→ What the task requires:
Set down each entry as it stands. Skip the pictures.

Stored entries
<<<<

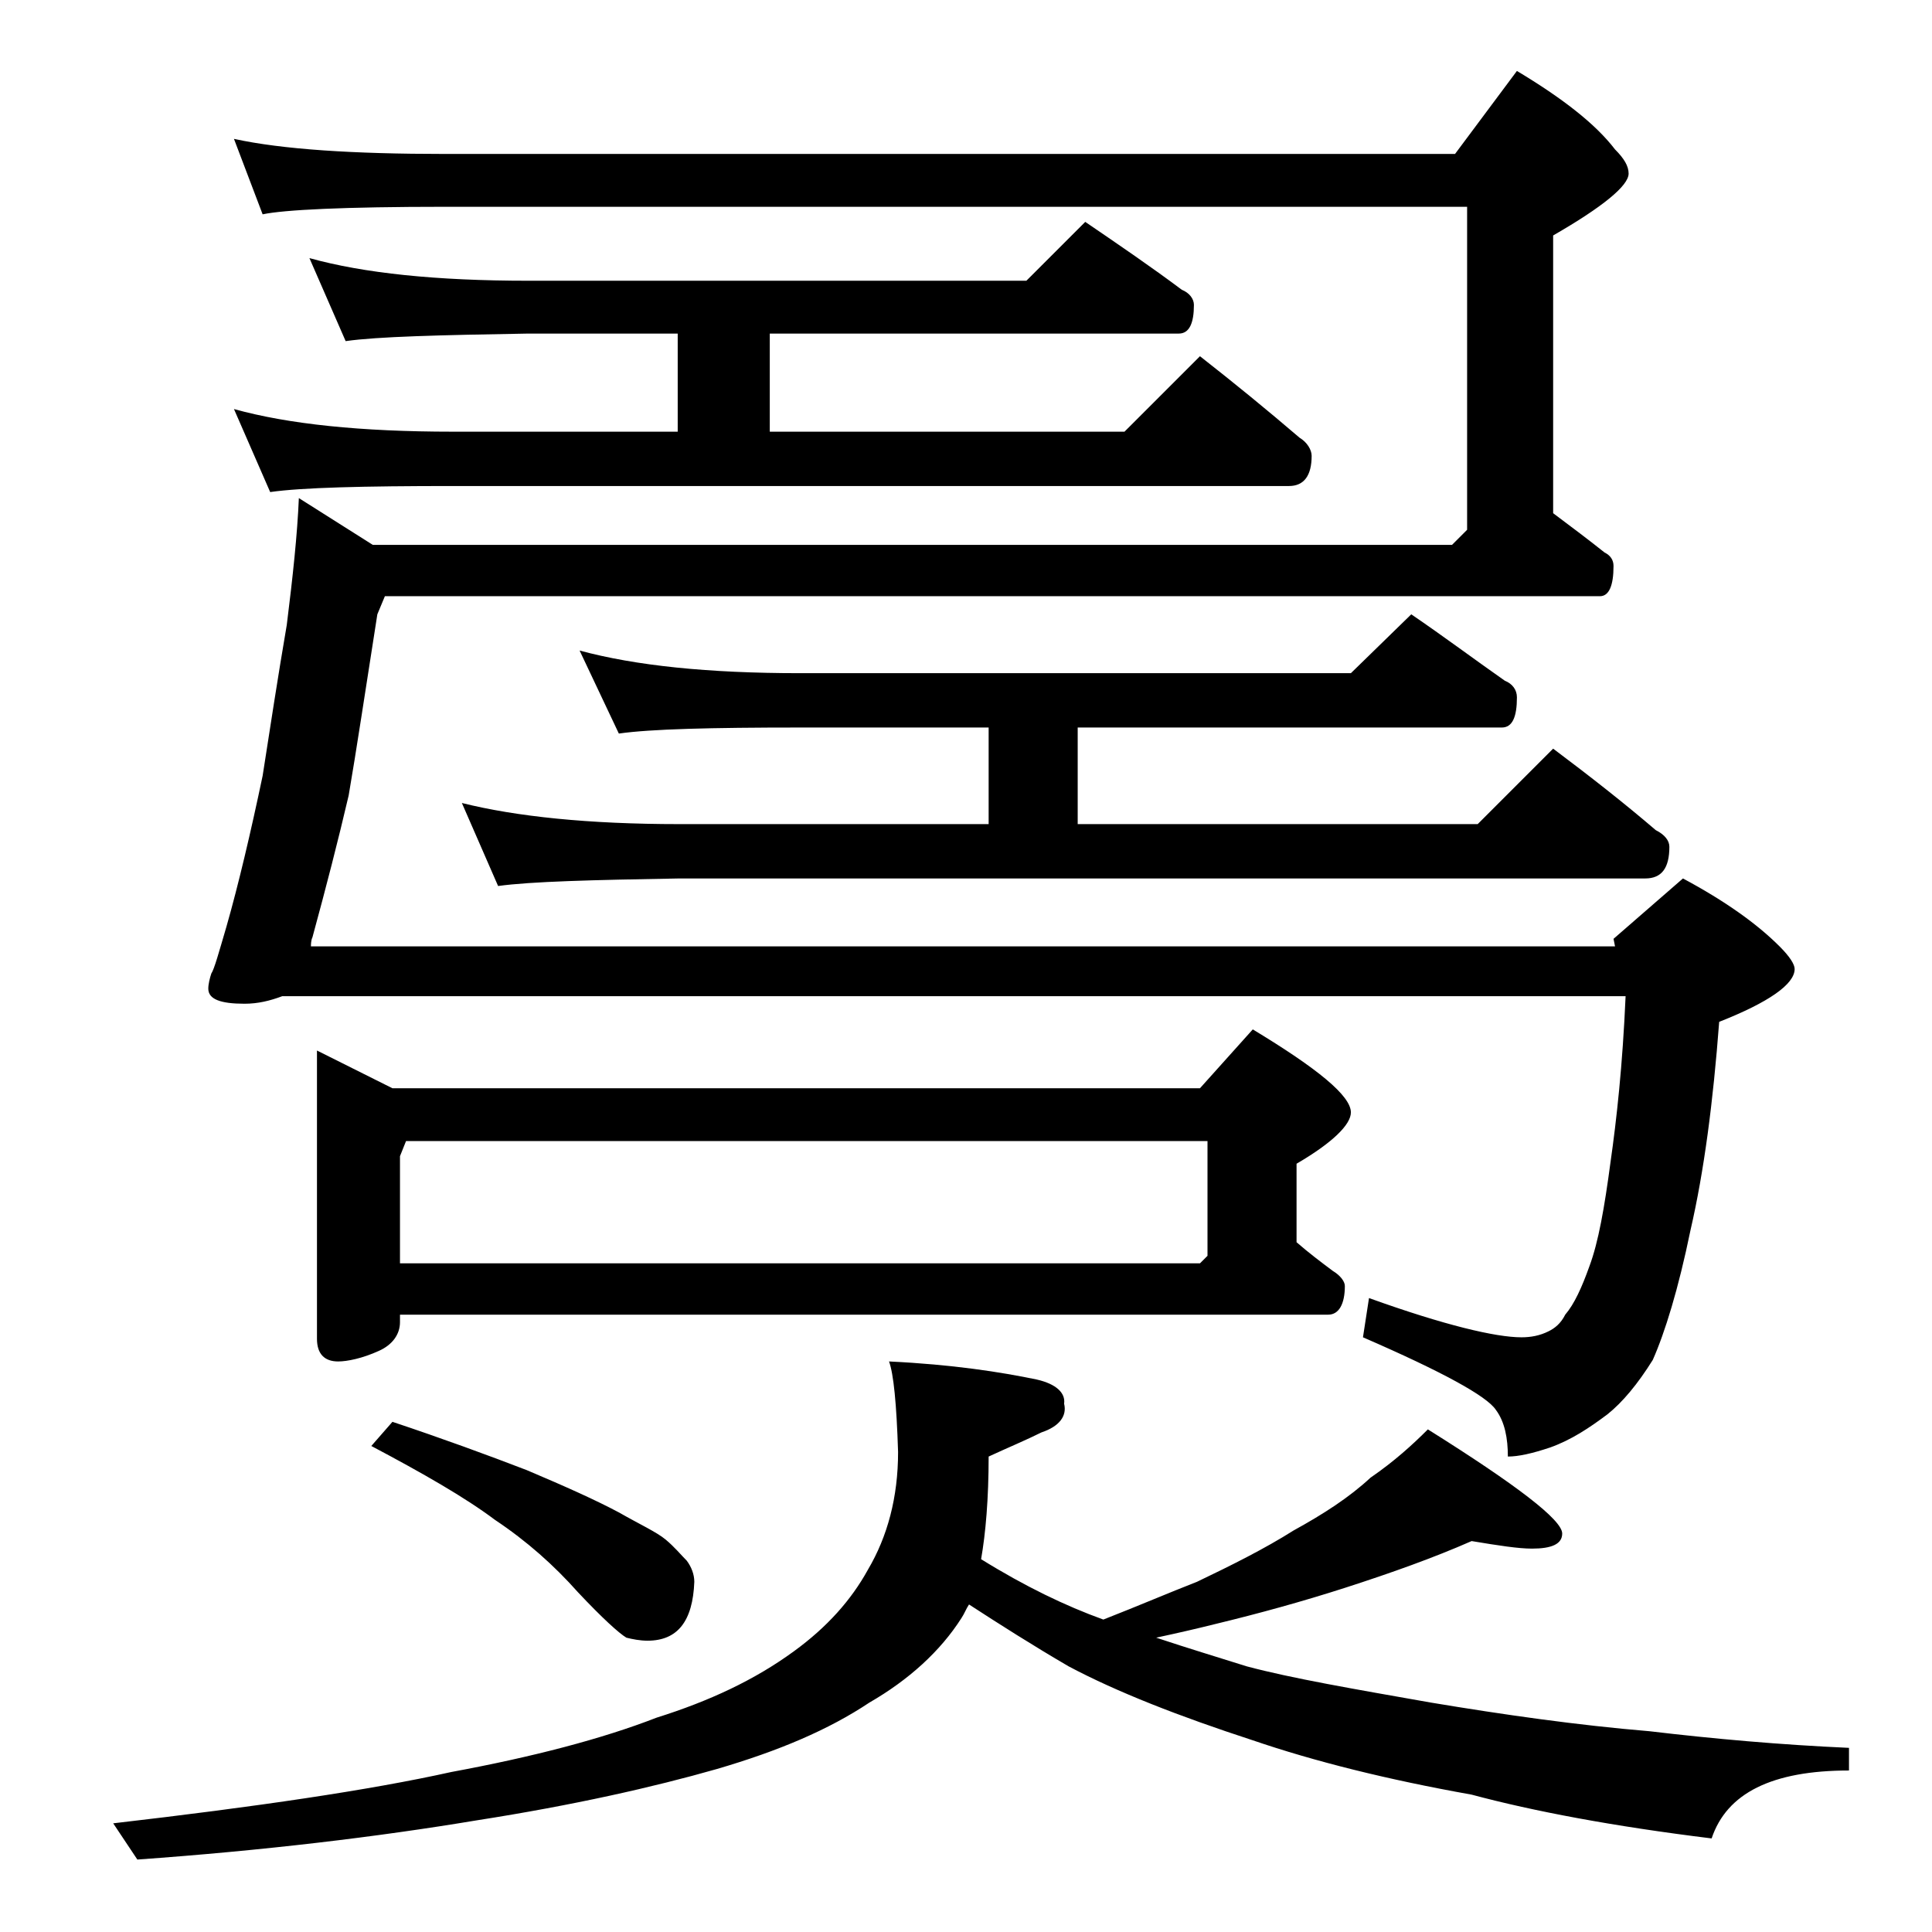 <?xml version="1.0" encoding="utf-8"?>
<!-- Generator: Adobe Illustrator 18.0.0, SVG Export Plug-In . SVG Version: 6.00 Build 0)  -->
<!DOCTYPE svg PUBLIC "-//W3C//DTD SVG 1.1//EN" "http://www.w3.org/Graphics/SVG/1.1/DTD/svg11.dtd">
<svg version="1.1" id="Layer_1" xmlns="http://www.w3.org/2000/svg" xmlns:xlink="http://www.w3.org/1999/xlink" x="0px" y="0px"
	 viewBox="0 0 128 128" enable-background="new 0 0 128 128" xml:space="preserve">
<path d="M58.9,90.2c4.2,0.2,7.4,0.7,9.8,1.2c1.3,0.3,1.9,0.9,1.8,1.6c0.2,0.8-0.3,1.5-1.5,1.9c-1,0.5-2.2,1-3.5,1.6
	c0,2.8-0.2,5.1-0.5,6.8c2.9,1.8,5.6,3.1,8.1,4c2.3-0.9,4.4-1.8,6.2-2.5c2.3-1.1,4.5-2.2,6.4-3.4c2-1.1,3.7-2.2,5.1-3.5
	c1.6-1.1,2.8-2.2,3.8-3.2c5.9,3.7,8.9,6,8.9,6.9c0,0.7-0.7,1-2,1c-0.9,0-2.2-0.2-4-0.5c-2.5,1.1-5.3,2.1-8.4,3.1
	c-2.8,0.9-5.7,1.7-8.6,2.4c-1.2,0.3-2.5,0.6-3.9,0.9c2.1,0.7,4.1,1.3,6,1.9c3,0.8,7.1,1.5,12.2,2.4c4.8,0.8,9.7,1.5,14.5,1.9
	c4.2,0.5,8.7,0.9,13.2,1.1v1.5c-5.1,0-8.1,1.5-9.1,4.5c-6.5-0.8-11.8-1.8-15.9-2.9c-5.6-1-10.4-2.2-14.5-3.6
	c-4.9-1.6-9-3.2-12.2-4.9c-2.4-1.4-4.6-2.8-6.6-4.1c-0.2,0.3-0.3,0.6-0.5,0.9c-1.4,2.2-3.5,4.1-6.1,5.6c-2.7,1.8-6,3.2-10.1,4.4
	c-4.2,1.2-9.5,2.4-15.9,3.4c-6.6,1.1-14.1,2-22.5,2.6l-1.6-2.4c9.5-1.1,17-2.2,22.4-3.4c5.4-1,10-2.2,13.6-3.6
	c3.5-1.1,6.5-2.5,9.1-4.4c2.2-1.6,3.8-3.4,4.9-5.4c1.3-2.2,2-4.8,2-7.8C59.4,93,59.2,91,58.9,90.2z M15.5,9.2c3.2,0.7,7.9,1,14,1
	h66.9l4.1-5.5c3,1.8,5.2,3.5,6.5,5.2c0.6,0.6,0.9,1.1,0.9,1.6c0,0.8-1.7,2.2-5,4.1v18.4c1.2,0.9,2.4,1.8,3.4,2.6
	c0.4,0.2,0.6,0.5,0.6,0.9c0,1.3-0.3,2-0.9,2H25.5L25,40.7c-0.8,5.1-1.4,9.1-1.9,12c-0.7,3-1.5,6.1-2.4,9.4c-0.1,0.2-0.1,0.5-0.1,0.6
	H107l-0.1-0.5l4.6-4c2.8,1.5,4.9,3,6.4,4.5c0.7,0.7,1,1.2,1,1.5c0,1-1.7,2.2-5,3.5c-0.4,5.3-1,9.9-1.9,13.8
	c-0.8,3.9-1.7,6.8-2.5,8.6c-1,1.6-2,2.8-3,3.6c-1.2,0.9-2.4,1.7-3.8,2.2c-1.2,0.4-2.1,0.6-2.8,0.6c0-1.2-0.2-2.3-0.8-3.1
	c-0.6-0.9-3.5-2.5-8.8-4.8l0.4-2.6c5,1.8,8.4,2.6,10.1,2.6c0.6,0,1.2-0.1,1.8-0.4c0.4-0.2,0.8-0.5,1.1-1.1c0.6-0.7,1.1-1.8,1.6-3.2
	c0.6-1.6,1-3.9,1.4-6.9c0.4-2.8,0.8-6.4,1-11h-89c-0.8,0.3-1.6,0.5-2.5,0.5c-1.6,0-2.4-0.3-2.4-1c0-0.3,0.1-0.7,0.2-1
	c0.2-0.3,0.5-1.4,1-3.1c0.8-2.8,1.6-6.2,2.4-10c0.5-3.2,1-6.5,1.6-10c0.4-3.2,0.7-6,0.8-8.4l4.9,3.1h71.5l1-1V13.7H29.5
	c-6.7,0-10.7,0.2-12.1,0.5L15.5,9.2z M20.5,17.1c3.6,1,8.4,1.5,14.5,1.5h33l3.9-3.9c2.2,1.5,4.4,3,6.4,4.5c0.5,0.2,0.8,0.6,0.8,1
	c0,1.2-0.3,1.9-1,1.9H51v6.5h23.5l5-5c2.3,1.8,4.5,3.6,6.6,5.4c0.5,0.3,0.8,0.8,0.8,1.2c0,1.3-0.5,2-1.5,2H30
	c-5.9,0-10,0.1-12.1,0.4l-2.4-5.5c3.6,1,8.4,1.5,14.5,1.5h14.9v-6.5H35c-5.9,0.1-10,0.2-12.1,0.5L20.5,17.1z M21,69.6l5,2.5h53.5
	l3.5-3.9c4.3,2.6,6.5,4.4,6.5,5.5c0,0.8-1.2,2-3.6,3.4v5.2c0.8,0.7,1.6,1.3,2.4,1.9c0.5,0.3,0.8,0.7,0.8,1c0,1.2-0.4,1.9-1.1,1.9
	H26.5v0.5c0,0.8-0.5,1.5-1.4,1.9C24,90,23,90.2,22.4,90.2c-0.9,0-1.4-0.5-1.4-1.5V69.6z M26,94.2c3.3,1.1,6.3,2.2,8.9,3.2
	c2.6,1.1,4.6,2,6.1,2.8c1.4,0.8,2.5,1.3,3.1,1.8c0.6,0.5,1,1,1.4,1.4c0.3,0.4,0.5,0.9,0.5,1.4c-0.1,2.6-1.1,3.9-3.1,3.9
	c-0.5,0-1-0.1-1.4-0.2c-0.5-0.3-1.6-1.3-3.2-3c-1.6-1.8-3.4-3.4-5.5-4.8c-2-1.5-4.8-3.1-8.2-4.9L26,94.2z M26.5,83.7h53l0.5-0.5
	v-7.6H26.9l-0.4,1V83.7z M38.4,43.1c3.7,1,8.5,1.5,14.6,1.5h36.5l4-3.9c2.2,1.5,4.2,3,6.2,4.4c0.5,0.2,0.8,0.6,0.8,1.1
	c0,1.3-0.3,2-1,2H71.4v6.4h26.5l5-5c2.4,1.8,4.7,3.6,6.8,5.4c0.6,0.3,0.9,0.7,0.9,1.1c0,1.4-0.5,2.1-1.6,2.1h-64
	c-5.8,0.1-9.8,0.2-12,0.5l-2.4-5.5c3.6,0.9,8.4,1.4,14.4,1.4h20.5v-6.4H53c-5.9,0-9.9,0.1-12,0.4L38.4,43.1z"/>
</svg>

>>>>

→ Answer for this exercise:
 <?xml version="1.0" encoding="utf-8"?>
<!-- Generator: Adobe Illustrator 18.0.0, SVG Export Plug-In . SVG Version: 6.00 Build 0)  -->
<!DOCTYPE svg PUBLIC "-//W3C//DTD SVG 1.1//EN" "http://www.w3.org/Graphics/SVG/1.1/DTD/svg11.dtd">
<svg version="1.1" id="Layer_1" xmlns="http://www.w3.org/2000/svg" xmlns:xlink="http://www.w3.org/1999/xlink" x="0px" y="0px"
	 viewBox="0 0 128 128" enable-background="new 0 0 128 128" xml:space="preserve">
<path d="M58.9,90.2c4.2,0.2,7.4,0.7,9.8,1.2c1.3,0.3,1.9,0.9,1.8,1.6c0.2,0.8-0.3,1.5-1.5,1.9c-1,0.5-2.2,1-3.5,1.6
	c0,2.8-0.2,5.1-0.5,6.8c2.9,1.8,5.6,3.1,8.1,4c2.3-0.9,4.4-1.8,6.2-2.5c2.3-1.1,4.5-2.2,6.4-3.4c2-1.1,3.7-2.2,5.1-3.5
	c1.6-1.1,2.8-2.2,3.8-3.2c5.9,3.7,8.9,6,8.9,6.9c0,0.7-0.7,1-2,1c-0.9,0-2.2-0.2-4-0.5c-2.5,1.1-5.3,2.1-8.4,3.1
	c-2.8,0.9-5.7,1.7-8.6,2.4c-1.2,0.3-2.5,0.6-3.9,0.9c2.1,0.7,4.1,1.3,6,1.9c3,0.8,7.1,1.5,12.2,2.4c4.8,0.8,9.7,1.5,14.5,1.9
	c4.2,0.5,8.7,0.9,13.2,1.1v1.5c-5.1,0-8.1,1.5-9.1,4.5c-6.5-0.8-11.8-1.8-15.9-2.9c-5.6-1-10.4-2.2-14.5-3.6
	c-4.9-1.6-9-3.2-12.2-4.9c-2.4-1.4-4.6-2.8-6.6-4.1c-0.2,0.3-0.3,0.6-0.5,0.9c-1.4,2.2-3.5,4.1-6.1,5.6c-2.7,1.8-6,3.2-10.1,4.4
	c-4.2,1.2-9.5,2.4-15.9,3.4c-6.6,1.1-14.1,2-22.5,2.6l-1.6-2.4c9.5-1.1,17-2.2,22.4-3.4c5.4-1,10-2.2,13.6-3.6
	c3.5-1.1,6.5-2.5,9.1-4.4c2.2-1.6,3.8-3.4,4.9-5.4c1.3-2.2,2-4.8,2-7.8C59.4,93,59.2,91,58.9,90.2z M15.5,9.2c3.2,0.7,7.9,1,14,1
	h66.9l4.1-5.5c3,1.8,5.2,3.5,6.5,5.2c0.6,0.6,0.9,1.1,0.9,1.6c0,0.8-1.7,2.2-5,4.1v18.4c1.2,0.9,2.4,1.8,3.4,2.6
	c0.4,0.2,0.6,0.5,0.6,0.9c0,1.3-0.3,2-0.9,2H25.5L25,40.7c-0.8,5.1-1.4,9.1-1.9,12c-0.7,3-1.5,6.1-2.4,9.4c-0.1,0.2-0.1,0.5-0.1,0.6
	H107l-0.1-0.5l4.6-4c2.8,1.5,4.9,3,6.4,4.5c0.7,0.7,1,1.2,1,1.5c0,1-1.7,2.2-5,3.5c-0.4,5.3-1,9.9-1.9,13.8
	c-0.8,3.9-1.7,6.8-2.5,8.6c-1,1.6-2,2.8-3,3.6c-1.2,0.9-2.4,1.7-3.8,2.2c-1.2,0.4-2.1,0.6-2.8,0.6c0-1.2-0.2-2.3-0.8-3.1
	c-0.6-0.9-3.5-2.5-8.8-4.8l0.4-2.6c5,1.8,8.4,2.6,10.1,2.6c0.6,0,1.2-0.1,1.8-0.4c0.4-0.2,0.8-0.5,1.1-1.1c0.6-0.7,1.1-1.8,1.6-3.2
	c0.6-1.6,1-3.9,1.4-6.9c0.4-2.8,0.8-6.4,1-11h-89c-0.8,0.3-1.6,0.5-2.5,0.5c-1.6,0-2.4-0.3-2.4-1c0-0.3,0.1-0.7,0.2-1
	c0.2-0.3,0.5-1.4,1-3.1c0.8-2.8,1.6-6.2,2.4-10c0.5-3.2,1-6.5,1.6-10c0.4-3.2,0.7-6,0.8-8.4l4.9,3.1h71.5l1-1V13.7H29.5
	c-6.7,0-10.7,0.2-12.1,0.5L15.5,9.2z M20.5,17.1c3.6,1,8.4,1.5,14.5,1.5h33l3.9-3.9c2.2,1.5,4.4,3,6.4,4.5c0.5,0.2,0.8,0.6,0.8,1
	c0,1.2-0.3,1.9-1,1.9H51v6.5h23.5l5-5c2.3,1.8,4.5,3.6,6.6,5.4c0.5,0.3,0.8,0.8,0.8,1.2c0,1.3-0.5,2-1.5,2H30
	c-5.9,0-10,0.1-12.1,0.4l-2.4-5.5c3.6,1,8.4,1.5,14.5,1.5h14.9v-6.5H35c-5.9,0.1-10,0.2-12.1,0.5L20.5,17.1z M21,69.6l5,2.5h53.5
	l3.5-3.9c4.3,2.6,6.5,4.4,6.5,5.5c0,0.8-1.2,2-3.6,3.4v5.2c0.8,0.7,1.6,1.3,2.4,1.9c0.5,0.3,0.8,0.7,0.8,1c0,1.2-0.4,1.9-1.1,1.9
	H26.5v0.5c0,0.8-0.5,1.5-1.4,1.9C24,90,23,90.2,22.4,90.2c-0.9,0-1.4-0.5-1.4-1.5V69.6z M26,94.2c3.3,1.1,6.3,2.2,8.9,3.2
	c2.6,1.1,4.6,2,6.1,2.8c1.4,0.8,2.5,1.3,3.1,1.8c0.6,0.5,1,1,1.4,1.4c0.3,0.4,0.5,0.9,0.5,1.4c-0.1,2.6-1.1,3.9-3.1,3.9
	c-0.5,0-1-0.1-1.4-0.2c-0.5-0.3-1.6-1.3-3.2-3c-1.6-1.8-3.4-3.4-5.5-4.8c-2-1.5-4.8-3.1-8.2-4.9L26,94.2z M26.5,83.7h53l0.5-0.5
	v-7.6H26.9l-0.4,1V83.7z M38.4,43.1c3.7,1,8.5,1.5,14.6,1.5h36.5l4-3.9c2.2,1.5,4.2,3,6.2,4.4c0.5,0.2,0.8,0.6,0.8,1.1
	c0,1.3-0.3,2-1,2H71.4v6.4h26.5l5-5c2.4,1.8,4.7,3.6,6.8,5.4c0.6,0.3,0.9,0.7,0.9,1.1c0,1.4-0.5,2.1-1.6,2.1h-64
	c-5.8,0.1-9.8,0.2-12,0.5l-2.4-5.5c3.6,0.9,8.4,1.4,14.4,1.4h20.5v-6.4H53c-5.9,0-9.9,0.1-12,0.4L38.4,43.1z"/>
</svg>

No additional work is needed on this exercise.